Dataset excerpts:
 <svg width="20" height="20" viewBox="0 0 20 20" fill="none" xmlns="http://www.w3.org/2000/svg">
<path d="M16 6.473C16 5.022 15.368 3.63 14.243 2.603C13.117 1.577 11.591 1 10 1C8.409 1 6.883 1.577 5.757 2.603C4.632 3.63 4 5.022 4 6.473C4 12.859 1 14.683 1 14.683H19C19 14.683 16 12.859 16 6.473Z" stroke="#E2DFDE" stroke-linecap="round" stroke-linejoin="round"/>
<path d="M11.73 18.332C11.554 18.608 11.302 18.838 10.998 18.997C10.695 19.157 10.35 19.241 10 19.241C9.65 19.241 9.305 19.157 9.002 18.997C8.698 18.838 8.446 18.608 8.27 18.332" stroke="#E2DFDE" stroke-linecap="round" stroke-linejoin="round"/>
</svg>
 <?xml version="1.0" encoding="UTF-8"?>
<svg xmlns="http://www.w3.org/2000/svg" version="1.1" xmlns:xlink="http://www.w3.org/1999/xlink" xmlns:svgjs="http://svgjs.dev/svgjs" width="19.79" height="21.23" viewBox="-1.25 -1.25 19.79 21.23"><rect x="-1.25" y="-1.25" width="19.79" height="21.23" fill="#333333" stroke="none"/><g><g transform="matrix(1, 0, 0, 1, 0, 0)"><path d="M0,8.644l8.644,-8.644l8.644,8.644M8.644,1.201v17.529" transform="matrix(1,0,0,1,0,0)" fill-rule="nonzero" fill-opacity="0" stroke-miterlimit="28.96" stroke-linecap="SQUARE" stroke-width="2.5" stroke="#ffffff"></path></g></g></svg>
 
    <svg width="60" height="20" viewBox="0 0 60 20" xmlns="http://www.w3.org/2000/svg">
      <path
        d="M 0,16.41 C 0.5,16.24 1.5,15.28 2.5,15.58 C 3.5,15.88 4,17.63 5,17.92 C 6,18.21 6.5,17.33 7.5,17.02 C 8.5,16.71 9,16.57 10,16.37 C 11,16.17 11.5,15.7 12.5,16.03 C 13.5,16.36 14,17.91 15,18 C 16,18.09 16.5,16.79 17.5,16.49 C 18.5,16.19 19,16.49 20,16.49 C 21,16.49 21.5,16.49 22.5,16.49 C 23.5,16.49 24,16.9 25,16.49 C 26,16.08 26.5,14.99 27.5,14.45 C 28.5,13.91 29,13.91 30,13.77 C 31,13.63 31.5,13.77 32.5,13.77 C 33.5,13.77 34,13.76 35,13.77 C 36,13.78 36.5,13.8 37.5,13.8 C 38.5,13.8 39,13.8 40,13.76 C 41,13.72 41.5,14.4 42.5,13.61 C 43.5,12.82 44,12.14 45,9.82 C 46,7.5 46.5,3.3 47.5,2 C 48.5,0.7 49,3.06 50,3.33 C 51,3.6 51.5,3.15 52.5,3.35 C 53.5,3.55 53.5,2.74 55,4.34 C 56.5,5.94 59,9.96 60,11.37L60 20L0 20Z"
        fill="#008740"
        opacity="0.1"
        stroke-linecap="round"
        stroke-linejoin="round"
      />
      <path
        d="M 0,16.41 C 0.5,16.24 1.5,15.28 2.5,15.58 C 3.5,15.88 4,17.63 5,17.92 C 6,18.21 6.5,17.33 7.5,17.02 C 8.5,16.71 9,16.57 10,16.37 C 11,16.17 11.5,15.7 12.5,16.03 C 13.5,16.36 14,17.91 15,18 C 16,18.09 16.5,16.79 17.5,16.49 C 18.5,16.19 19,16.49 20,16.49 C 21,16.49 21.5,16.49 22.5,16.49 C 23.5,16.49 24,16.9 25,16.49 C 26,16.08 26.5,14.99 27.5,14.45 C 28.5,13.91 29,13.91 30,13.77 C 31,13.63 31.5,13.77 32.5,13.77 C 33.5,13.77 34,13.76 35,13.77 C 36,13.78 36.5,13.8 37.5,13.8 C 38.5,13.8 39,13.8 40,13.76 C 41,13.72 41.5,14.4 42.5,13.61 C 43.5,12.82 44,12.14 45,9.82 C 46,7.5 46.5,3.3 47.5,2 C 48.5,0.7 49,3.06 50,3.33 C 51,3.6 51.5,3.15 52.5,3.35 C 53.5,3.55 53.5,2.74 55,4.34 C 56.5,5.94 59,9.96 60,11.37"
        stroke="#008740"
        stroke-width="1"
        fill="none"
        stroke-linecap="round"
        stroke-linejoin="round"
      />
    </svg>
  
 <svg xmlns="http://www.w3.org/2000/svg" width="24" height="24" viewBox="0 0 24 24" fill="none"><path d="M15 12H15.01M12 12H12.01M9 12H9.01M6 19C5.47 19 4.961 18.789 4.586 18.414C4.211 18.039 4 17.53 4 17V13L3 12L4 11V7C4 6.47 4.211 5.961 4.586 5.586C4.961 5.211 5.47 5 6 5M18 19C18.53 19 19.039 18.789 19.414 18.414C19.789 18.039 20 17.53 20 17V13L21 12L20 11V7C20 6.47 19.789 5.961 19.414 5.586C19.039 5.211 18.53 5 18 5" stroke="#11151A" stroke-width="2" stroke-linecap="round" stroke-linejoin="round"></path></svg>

• [Work to be completed]: The answer must consist of each line from the entries that contains the string "xmlns".

• [Output below]:
 <svg width="20" height="20" viewBox="0 0 20 20" fill="none" xmlns="http://www.w3.org/2000/svg">
<svg xmlns="http://www.w3.org/2000/svg" version="1.1" xmlns:xlink="http://www.w3.org/1999/xlink" xmlns:svgjs="http://svgjs.dev/svgjs" width="19.79" height="21.23" viewBox="-1.25 -1.25 19.79 21.23"><rect x="-1.25" y="-1.25" width="19.79" height="21.23" fill="#333333" stroke="none"/><g><g transform="matrix(1, 0, 0, 1, 0, 0)"><path d="M0,8.644l8.644,-8.644l8.644,8.644M8.644,1.201v17.529" transform="matrix(1,0,0,1,0,0)" fill-rule="nonzero" fill-opacity="0" stroke-miterlimit="28.96" stroke-linecap="SQUARE" stroke-width="2.5" stroke="#ffffff"></path></g></g></svg>
    <svg width="60" height="20" viewBox="0 0 60 20" xmlns="http://www.w3.org/2000/svg">
 <svg xmlns="http://www.w3.org/2000/svg" width="24" height="24" viewBox="0 0 24 24" fill="none"><path d="M15 12H15.01M12 12H12.01M9 12H9.01M6 19C5.47 19 4.961 18.789 4.586 18.414C4.211 18.039 4 17.53 4 17V13L3 12L4 11V7C4 6.47 4.211 5.961 4.586 5.586C4.961 5.211 5.47 5 6 5M18 19C18.53 19 19.039 18.789 19.414 18.414C19.789 18.039 20 17.53 20 17V13L21 12L20 11V7C20 6.47 19.789 5.961 19.414 5.586C19.039 5.211 18.53 5 18 5" stroke="#11151A" stroke-width="2" stroke-linecap="round" stroke-linejoin="round"></path></svg>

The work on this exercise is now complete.